**AIM OF THE EXERCISE**:
Would you write out the entries again, exactly as they are, but without images?
Start of RECORD SET
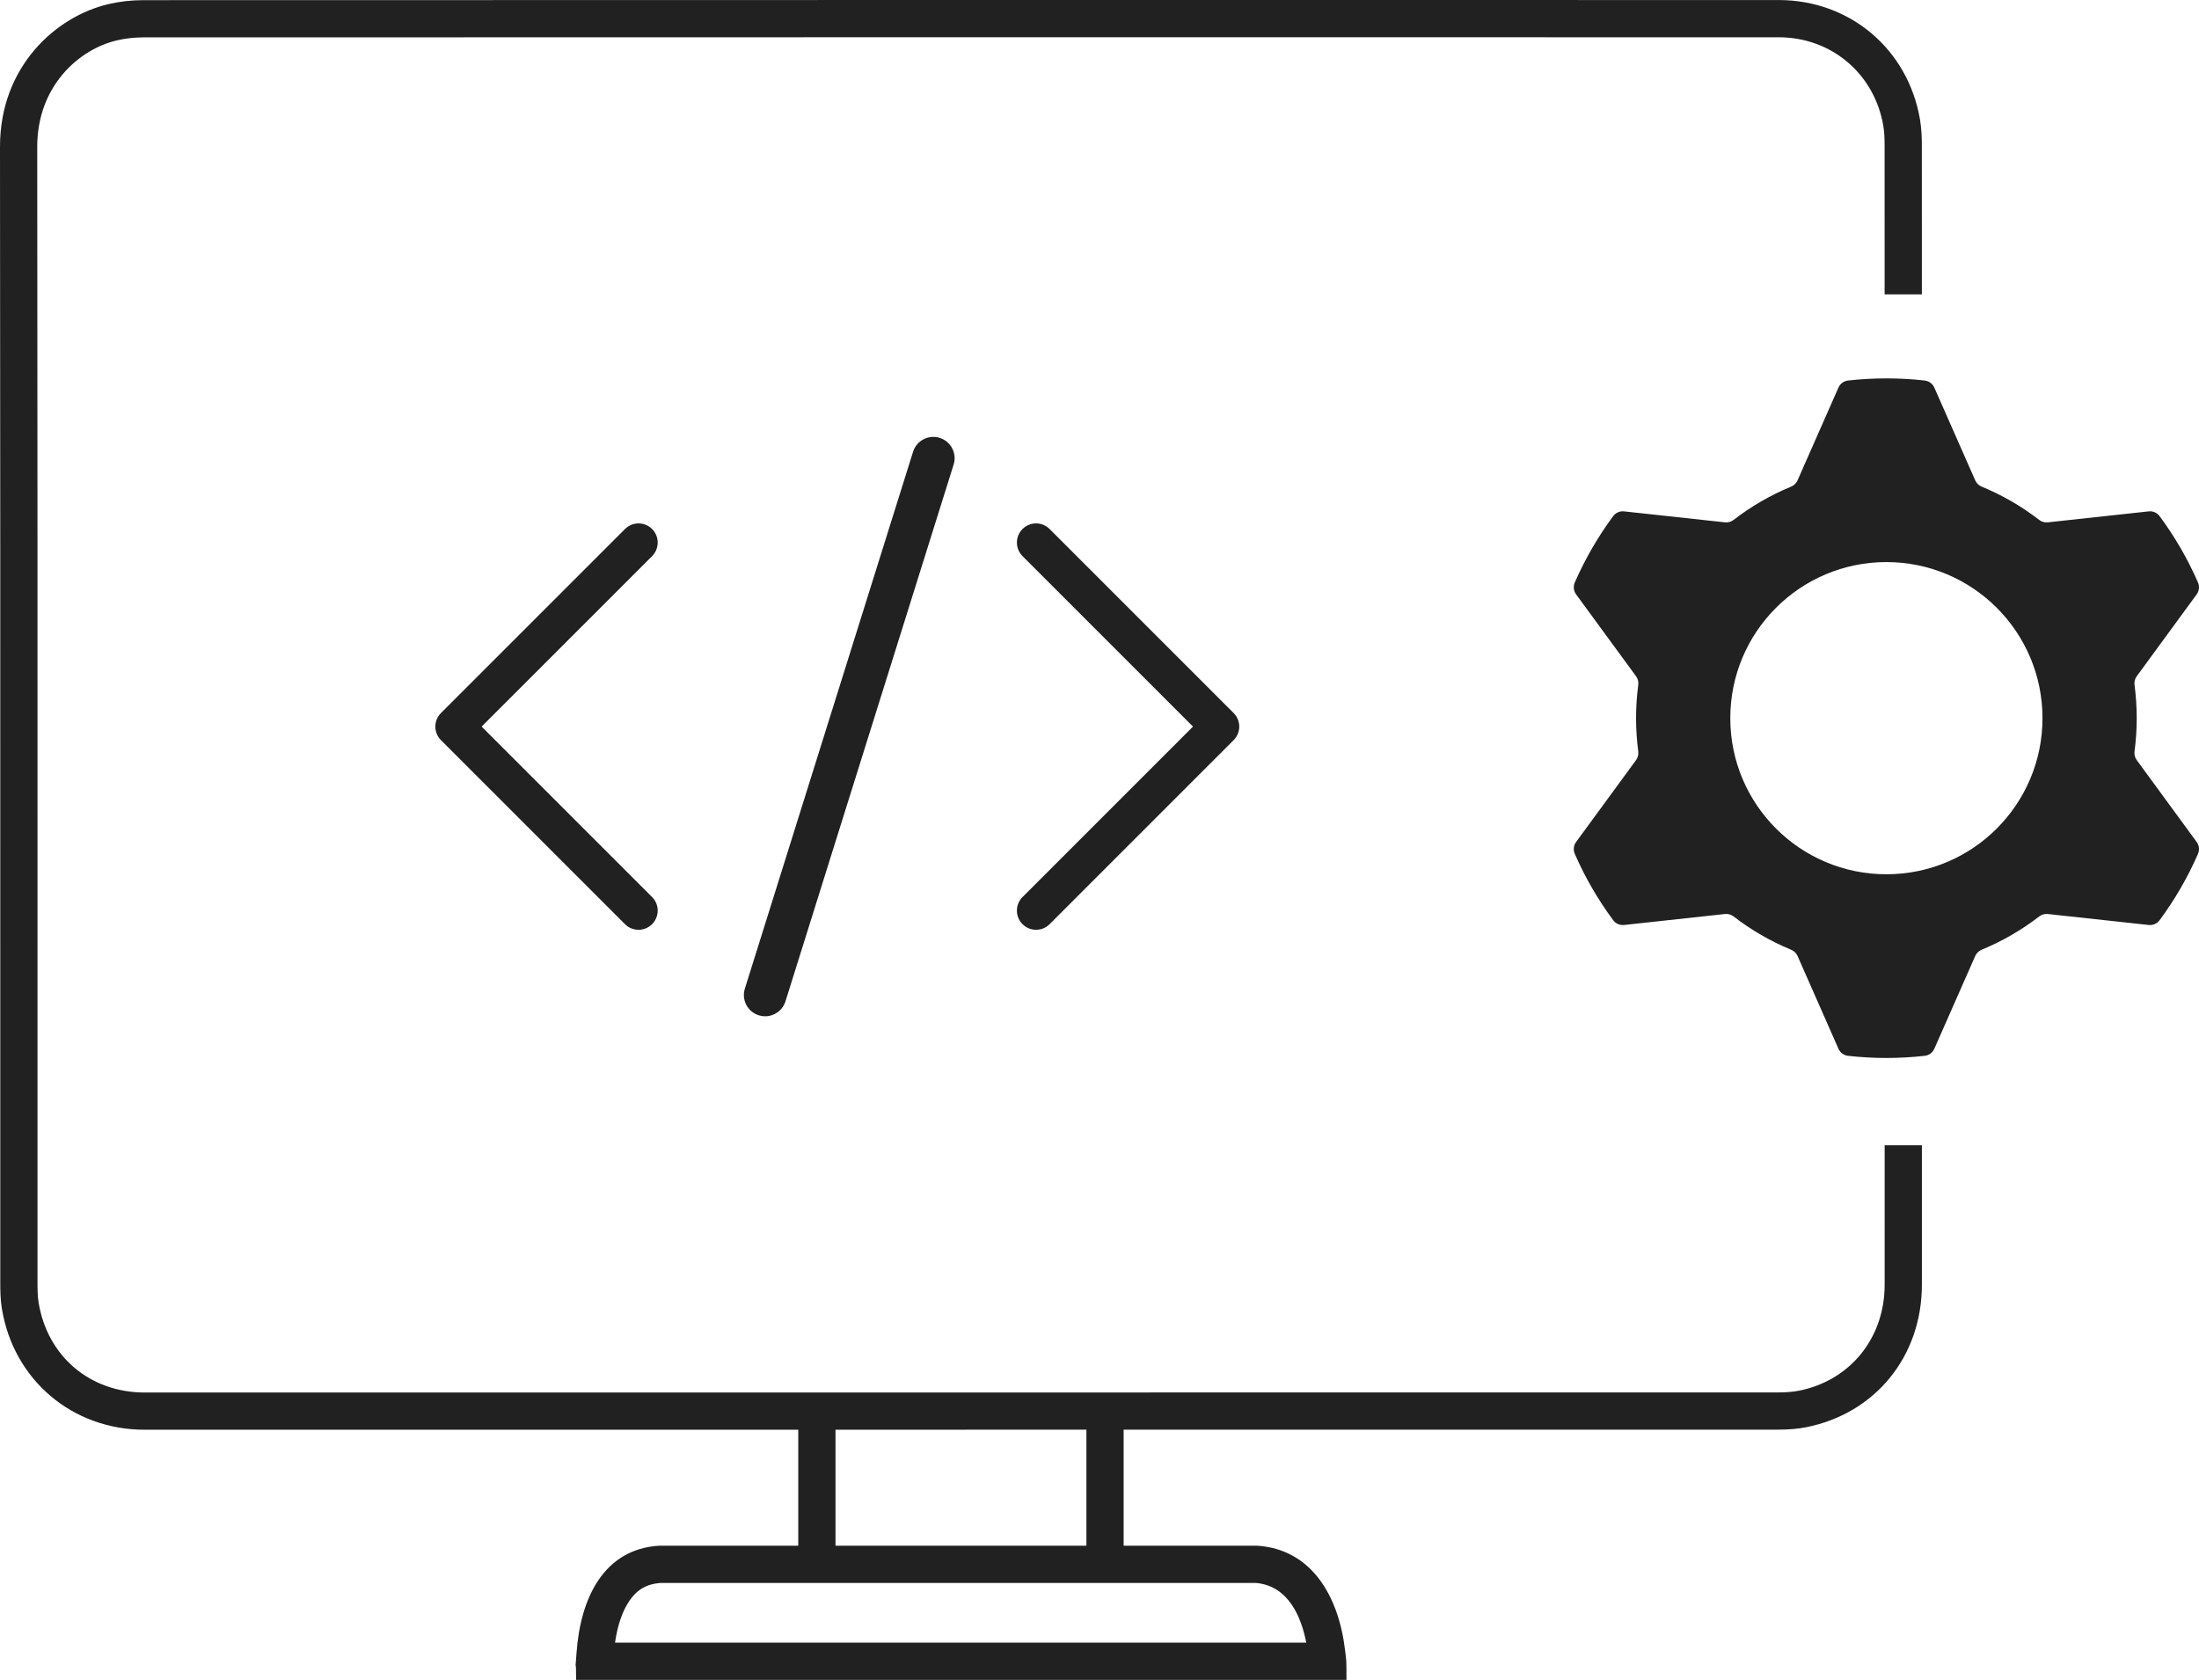 <svg version="1.1" xmlns="http://www.w3.org/2000/svg" xmlns:xlink="http://www.w3.org/1999/xlink" x="0px" y="0px" width="413.453px" height="315.859px" viewBox="0 0 413.453 315.859" enable-background="new 0 0 413.453 315.859" xml:space="preserve">
												<g>
													<g>
														<g>
															<path fill="#212121" d="M108.213,313.214c-0.015,0.078-0.024,0.193-0.022,0.193S108.199,313.357,108.213,313.214L108.213,313.214z"></path>
														</g>
														<g>
															<path fill="#212121" d="M236.095,297.626c6.209,0.508,8.593,6.514,9.506,11.233H115.636c0.464-3.237,1.379-5.921,2.686-7.847c1.442-2.126,3.244-3.175,5.822-3.383L236.095,297.626 M236.343,290.626l-112.447,0.004c-10.368,0.658-14.776,9.822-15.499,20.174c-0.101,1.441-0.157,2.119-0.185,2.41c0.007-0.039,0.016-0.068,0.025-0.068c0.037,0,0.083,0.476,0.083,2.714c51.211,0,93.49,0,144.842,0c0-4.122-0.016-3.491-0.268-5.609C251.685,300.073,246.58,291.269,236.343,290.626L236.343,290.626z"></path>
														</g>
													</g>
													<g>
														<path fill="#212121" d="M27.203,268.823c-13.632,0-24.677-9.382-26.859-22.813c-0.268-1.656-0.292-3.275-0.292-4.792c-0.003-21.249-0.001-42.498,0-63.746C0.056,128.357,0.06,77.57,0,27.621C-0.019,12.454,10.557,3.072,20.391,0.773c2.109-0.493,4.313-0.744,6.553-0.745c102.496-0.031,204.989-0.034,307.484-0.021c13.365,0.001,24.287,9.217,26.56,22.411c0.313,1.823,0.352,3.622,0.354,4.816l0.004,28.114h-7l-0.004-28.108c-0.002-1.49-0.082-2.646-0.252-3.634c-1.684-9.771-9.77-16.597-19.663-16.598C231.934,6.995,129.44,6.998,26.946,7.028c-1.68,0.001-3.396,0.195-4.961,0.562C14.757,9.279,6.986,16.265,7,27.612c0.06,49.955,0.056,100.744,0.052,149.861c-0.002,21.248-0.004,42.495,0,63.742c0.001,1.231,0.017,2.531,0.202,3.675c1.645,10.128,9.662,16.934,19.949,16.934l306.994-0.016c1.637-0.002,2.916-0.104,4.019-0.322c9.65-1.906,16.133-9.911,16.133-19.918l0.003-26.232h7l-0.003,26.232c0,13.448-8.751,24.212-21.777,26.785c-1.559,0.308-3.266,0.452-5.371,0.455L27.203,268.823z"></path>
													</g>
													<g>
														<g>
															<rect x="150.089" y="262.568" fill="#212121" width="7" height="31.667"></rect>
														</g>
														<g>
															<rect x="204.265" y="262.568" fill="#212121" width="7" height="31.667"></rect>
														</g>
													</g>
													<g>
														<path fill="#212121" d="M401.74,142.906c-0.344-0.47-0.484-1.052-0.408-1.627c0.271-2.045,0.412-4.129,0.412-6.247c0-2.117-0.141-4.202-0.412-6.246c-0.076-0.575,0.064-1.158,0.408-1.627l11.285-15.416c0.473-0.646,0.557-1.492,0.237-2.226c-1.937-4.441-4.363-8.618-7.212-12.467c-0.476-0.641-1.25-0.988-2.043-0.902l-18.99,2.064c-0.578,0.063-1.155-0.107-1.615-0.464c-3.286-2.534-6.915-4.646-10.807-6.249c-0.538-0.224-0.975-0.637-1.209-1.168l-7.701-17.466c-0.322-0.732-1.012-1.228-1.807-1.318c-2.363-0.266-4.767-0.404-7.201-0.404c-2.436,0-4.838,0.139-7.202,0.404c-0.795,0.091-1.484,0.586-1.808,1.318l-7.7,17.466c-0.235,0.531-0.67,0.944-1.208,1.168c-3.893,1.604-7.521,3.715-10.807,6.249c-0.461,0.356-1.038,0.527-1.616,0.464l-18.989-2.064c-0.794-0.086-1.568,0.262-2.043,0.902c-2.85,3.849-5.275,8.025-7.213,12.467c-0.32,0.733-0.235,1.58,0.237,2.226l11.286,15.416c0.343,0.469,0.483,1.052,0.407,1.627c-0.271,2.044-0.411,4.129-0.411,6.246c0,2.118,0.141,4.202,0.411,6.247c0.076,0.575-0.064,1.157-0.407,1.627l-11.286,15.416c-0.473,0.646-0.558,1.492-0.237,2.226c1.938,4.44,4.363,8.618,7.213,12.466c0.475,0.642,1.249,0.989,2.043,0.903l18.989-2.064c0.578-0.063,1.155,0.107,1.616,0.464c3.285,2.534,6.914,4.646,10.807,6.25c0.538,0.223,0.973,0.635,1.208,1.167l7.701,17.466c0.322,0.731,1.012,1.228,1.807,1.318c2.364,0.266,4.767,0.404,7.202,0.404c2.435,0,4.838-0.139,7.201-0.404c0.795-0.091,1.484-0.587,1.807-1.318l7.701-17.466c0.234-0.532,0.671-0.944,1.209-1.167c3.892-1.604,7.521-3.716,10.807-6.25c0.46-0.356,1.037-0.527,1.615-0.464l18.99,2.064c0.793,0.086,1.567-0.262,2.043-0.903c2.849-3.848,5.275-8.025,7.212-12.466c0.319-0.733,0.235-1.58-0.237-2.226L401.74,142.906zM354.677,164.382c-16.209,0-29.35-13.141-29.35-29.35s13.141-29.349,29.35-29.349s29.349,13.14,29.349,29.349S370.886,164.382,354.677,164.382z"></path>
													</g>
													<g>
														<path fill="#212121" d="M122.604,99.469c-1.406-1.408-3.689-1.408-5.097,0L82.91,134.067c-1.409,1.408-1.409,3.689,0,5.096l34.598,34.601c0.705,0.704,1.625,1.056,2.548,1.056c0.923,0,1.847-0.352,2.549-1.056c1.407-1.408,1.407-3.689,0-5.096l-32.051-32.053l32.051-32.05C124.011,103.158,124.011,100.875,122.604,99.469L122.604,99.469z M122.604,99.469"></path>
													</g>
													<g>
														<path fill="#212121" d="M192.252,99.469c-1.407,1.406-1.407,3.689,0,5.096l32.051,32.05l-32.051,32.053c-1.407,1.406-1.407,3.688,0,5.096c0.702,0.704,1.626,1.056,2.549,1.056c0.922,0,1.843-0.352,2.548-1.056l34.598-34.601c1.409-1.407,1.409-3.688,0-5.096l-34.598-34.598C195.941,98.062,193.658,98.062,192.252,99.469L192.252,99.469z M192.252,99.469"></path>
													</g>
													<g>
														<g>
															<path fill="#212121" d="M143.864,191.086c-0.396,0-0.799-0.059-1.197-0.184c-2.108-0.66-3.282-2.905-2.621-5.013l31.623-100.938c0.66-2.108,2.905-3.282,5.013-2.621c2.108,0.66,3.282,2.905,2.621,5.013L147.68,188.281C147.144,189.991,145.566,191.086,143.864,191.086z"></path>
														</g>
													</g>
												</g>
											</svg>
End of RECORD SET
**EXERCISE ANSWER**:
 <svg version="1.1" xmlns="http://www.w3.org/2000/svg" xmlns:xlink="http://www.w3.org/1999/xlink" x="0px" y="0px" width="413.453px" height="315.859px" viewBox="0 0 413.453 315.859" enable-background="new 0 0 413.453 315.859" xml:space="preserve">
												<g>
													<g>
														<g>
															<path fill="#212121" d="M108.213,313.214c-0.015,0.078-0.024,0.193-0.022,0.193S108.199,313.357,108.213,313.214L108.213,313.214z"></path>
														</g>
														<g>
															<path fill="#212121" d="M236.095,297.626c6.209,0.508,8.593,6.514,9.506,11.233H115.636c0.464-3.237,1.379-5.921,2.686-7.847c1.442-2.126,3.244-3.175,5.822-3.383L236.095,297.626 M236.343,290.626l-112.447,0.004c-10.368,0.658-14.776,9.822-15.499,20.174c-0.101,1.441-0.157,2.119-0.185,2.41c0.007-0.039,0.016-0.068,0.025-0.068c0.037,0,0.083,0.476,0.083,2.714c51.211,0,93.49,0,144.842,0c0-4.122-0.016-3.491-0.268-5.609C251.685,300.073,246.58,291.269,236.343,290.626L236.343,290.626z"></path>
														</g>
													</g>
													<g>
														<path fill="#212121" d="M27.203,268.823c-13.632,0-24.677-9.382-26.859-22.813c-0.268-1.656-0.292-3.275-0.292-4.792c-0.003-21.249-0.001-42.498,0-63.746C0.056,128.357,0.06,77.57,0,27.621C-0.019,12.454,10.557,3.072,20.391,0.773c2.109-0.493,4.313-0.744,6.553-0.745c102.496-0.031,204.989-0.034,307.484-0.021c13.365,0.001,24.287,9.217,26.56,22.411c0.313,1.823,0.352,3.622,0.354,4.816l0.004,28.114h-7l-0.004-28.108c-0.002-1.49-0.082-2.646-0.252-3.634c-1.684-9.771-9.77-16.597-19.663-16.598C231.934,6.995,129.44,6.998,26.946,7.028c-1.68,0.001-3.396,0.195-4.961,0.562C14.757,9.279,6.986,16.265,7,27.612c0.06,49.955,0.056,100.744,0.052,149.861c-0.002,21.248-0.004,42.495,0,63.742c0.001,1.231,0.017,2.531,0.202,3.675c1.645,10.128,9.662,16.934,19.949,16.934l306.994-0.016c1.637-0.002,2.916-0.104,4.019-0.322c9.65-1.906,16.133-9.911,16.133-19.918l0.003-26.232h7l-0.003,26.232c0,13.448-8.751,24.212-21.777,26.785c-1.559,0.308-3.266,0.452-5.371,0.455L27.203,268.823z"></path>
													</g>
													<g>
														<g>
															<rect x="150.089" y="262.568" fill="#212121" width="7" height="31.667"></rect>
														</g>
														<g>
															<rect x="204.265" y="262.568" fill="#212121" width="7" height="31.667"></rect>
														</g>
													</g>
													<g>
														<path fill="#212121" d="M401.74,142.906c-0.344-0.47-0.484-1.052-0.408-1.627c0.271-2.045,0.412-4.129,0.412-6.247c0-2.117-0.141-4.202-0.412-6.246c-0.076-0.575,0.064-1.158,0.408-1.627l11.285-15.416c0.473-0.646,0.557-1.492,0.237-2.226c-1.937-4.441-4.363-8.618-7.212-12.467c-0.476-0.641-1.25-0.988-2.043-0.902l-18.99,2.064c-0.578,0.063-1.155-0.107-1.615-0.464c-3.286-2.534-6.915-4.646-10.807-6.249c-0.538-0.224-0.975-0.637-1.209-1.168l-7.701-17.466c-0.322-0.732-1.012-1.228-1.807-1.318c-2.363-0.266-4.767-0.404-7.201-0.404c-2.436,0-4.838,0.139-7.202,0.404c-0.795,0.091-1.484,0.586-1.808,1.318l-7.7,17.466c-0.235,0.531-0.67,0.944-1.208,1.168c-3.893,1.604-7.521,3.715-10.807,6.249c-0.461,0.356-1.038,0.527-1.616,0.464l-18.989-2.064c-0.794-0.086-1.568,0.262-2.043,0.902c-2.85,3.849-5.275,8.025-7.213,12.467c-0.32,0.733-0.235,1.58,0.237,2.226l11.286,15.416c0.343,0.469,0.483,1.052,0.407,1.627c-0.271,2.044-0.411,4.129-0.411,6.246c0,2.118,0.141,4.202,0.411,6.247c0.076,0.575-0.064,1.157-0.407,1.627l-11.286,15.416c-0.473,0.646-0.558,1.492-0.237,2.226c1.938,4.44,4.363,8.618,7.213,12.466c0.475,0.642,1.249,0.989,2.043,0.903l18.989-2.064c0.578-0.063,1.155,0.107,1.616,0.464c3.285,2.534,6.914,4.646,10.807,6.25c0.538,0.223,0.973,0.635,1.208,1.167l7.701,17.466c0.322,0.731,1.012,1.228,1.807,1.318c2.364,0.266,4.767,0.404,7.202,0.404c2.435,0,4.838-0.139,7.201-0.404c0.795-0.091,1.484-0.587,1.807-1.318l7.701-17.466c0.234-0.532,0.671-0.944,1.209-1.167c3.892-1.604,7.521-3.716,10.807-6.25c0.46-0.356,1.037-0.527,1.615-0.464l18.99,2.064c0.793,0.086,1.567-0.262,2.043-0.903c2.849-3.848,5.275-8.025,7.212-12.466c0.319-0.733,0.235-1.58-0.237-2.226L401.74,142.906zM354.677,164.382c-16.209,0-29.35-13.141-29.35-29.35s13.141-29.349,29.35-29.349s29.349,13.14,29.349,29.349S370.886,164.382,354.677,164.382z"></path>
													</g>
													<g>
														<path fill="#212121" d="M122.604,99.469c-1.406-1.408-3.689-1.408-5.097,0L82.91,134.067c-1.409,1.408-1.409,3.689,0,5.096l34.598,34.601c0.705,0.704,1.625,1.056,2.548,1.056c0.923,0,1.847-0.352,2.549-1.056c1.407-1.408,1.407-3.689,0-5.096l-32.051-32.053l32.051-32.05C124.011,103.158,124.011,100.875,122.604,99.469L122.604,99.469z M122.604,99.469"></path>
													</g>
													<g>
														<path fill="#212121" d="M192.252,99.469c-1.407,1.406-1.407,3.689,0,5.096l32.051,32.05l-32.051,32.053c-1.407,1.406-1.407,3.688,0,5.096c0.702,0.704,1.626,1.056,2.549,1.056c0.922,0,1.843-0.352,2.548-1.056l34.598-34.601c1.409-1.407,1.409-3.688,0-5.096l-34.598-34.598C195.941,98.062,193.658,98.062,192.252,99.469L192.252,99.469z M192.252,99.469"></path>
													</g>
													<g>
														<g>
															<path fill="#212121" d="M143.864,191.086c-0.396,0-0.799-0.059-1.197-0.184c-2.108-0.66-3.282-2.905-2.621-5.013l31.623-100.938c0.66-2.108,2.905-3.282,5.013-2.621c2.108,0.66,3.282,2.905,2.621,5.013L147.68,188.281C147.144,189.991,145.566,191.086,143.864,191.086z"></path>
														</g>
													</g>
												</g>
											</svg>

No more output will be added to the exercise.